Colitis in Cats
Dr. Bari Spielman
Colitis is an inflammation of the colon, or large intestine. It may be acute, with sudden onset and short duration, or chronic, that is present for at least two to three weeks or exhibiting a pattern of episodic recurrence. In cats, there is no age or gender association with colitis. Specific inflammatory disorders of the colon. Lymphocytic-plasmacytic, histiocytic, granulomatous, suppurative, and eosinophilic are terms that describe colitis on the basis of the predominant type of cell present in the inflamed colon.
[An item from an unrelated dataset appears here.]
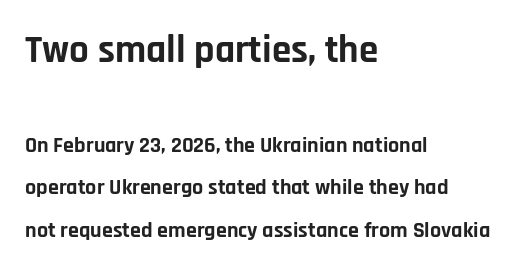
The image shows 39 px bold sans-serif type, upright; set left-aligned, loose line spacing (1.92x), normal letter spacing, not underlined; the first (top) block is 1.77x larger; low stroke contrast and a large x-height.

There are many potential causes of colitis. These include:
Infectious agents, such as bacteria, viruses, fungi, or parasites
Dietary intolerance or allergy
Cancer of the colon
Trauma, internal or external
Intussusception, which is a mechanical problem characterized by telescoping of the bowel into itself.
Hemorrhagic Gastroenteritis (HGE), which is an inflammatory disorder of the intestinal tract characterized by hemorrhage and production of a "raspberry jam" appearance to the stool
Pancreatitis (inflammation of the pancreas)
Most often, colitis causes some combination of fresh bright red blood in the stool, mucus in the stool, straining to defecate, and increased frequency of defecation, often many times per day. With acute colitis, the cat usually does not show signs of systemic illness, but cats with chronic colitis can experience clinically important weight loss.
What To Watch For
An occasional bout of acute colitis is not uncommon in the small animal patient. However, it is important to watch for frequent recurrence or worsening of signs, especially if they include systemic signs of illness. Although occasional vomiting occurs in otherwise healthy cats, repeated vomiting, poor appetite, weight loss and general lethargy should be reported promptly to your veterinarian.
Your veterinarian will recommend diagnostic tests in order to recognize colitis and confirm the diagnosis. Tests may include:
A complete medical history and thorough physical examination
Fecal examination to evaluate for the presence of disease-causing bacteria or parasites
A complete blood count (CBC or hemogram) to evaluate for anemia, systemic inflammation, and presence of inflammatory cells (i.e., eosinophils) that may indicate an underlying allergic cause
Serum biochemistry tests to evaluate the general health of your cat and to identify problems in other organ systems
Urinalysis to evaluate kidney function
Abdominal X-rays to look for tumors or enlargement of abdominal organs
Serum trypsin-like immunoreactivity (TLI) in cats to evaluate for pancreatic disorders
Colonoscopic examination to identify the presence of colitis or colon cancer and biopsy to determine the type of inflammation (eosinophilic, granulomatous, lymphoplasmacytic) or neoplasia (adenocarcinoma, lymphosarcoma). This procedure requires anesthesia, adequate cleansing of the bowel by enemas, and special equipment (a flexible fiberoptic endoscope) that may only be available at veterinary specialty referral centers.
Treatment for colitis is most effective when directed at the underlying cause. Your veterinarian may recommend several symptomatic treatments for an animal with signs of colitis before recommending an extensive diagnostic evaluation.
These treatments include:
Empirical de-worming medication (because whipworms are a common parasitic cause of colitis and they only intermittently shed their eggs in the feces)
Home Care and Prevention
Administer as directed any medications prescribed by your veterinarian and follow recommendations for dietary modification. Also, observe your cat's general condition, watching for worsening of symptoms and bringing any changes to the attention of your veterinarian.
Although some causes of colitis cannot be prevented, try to avoid exposure of your cat to infectious agents or abrupt dietary changes.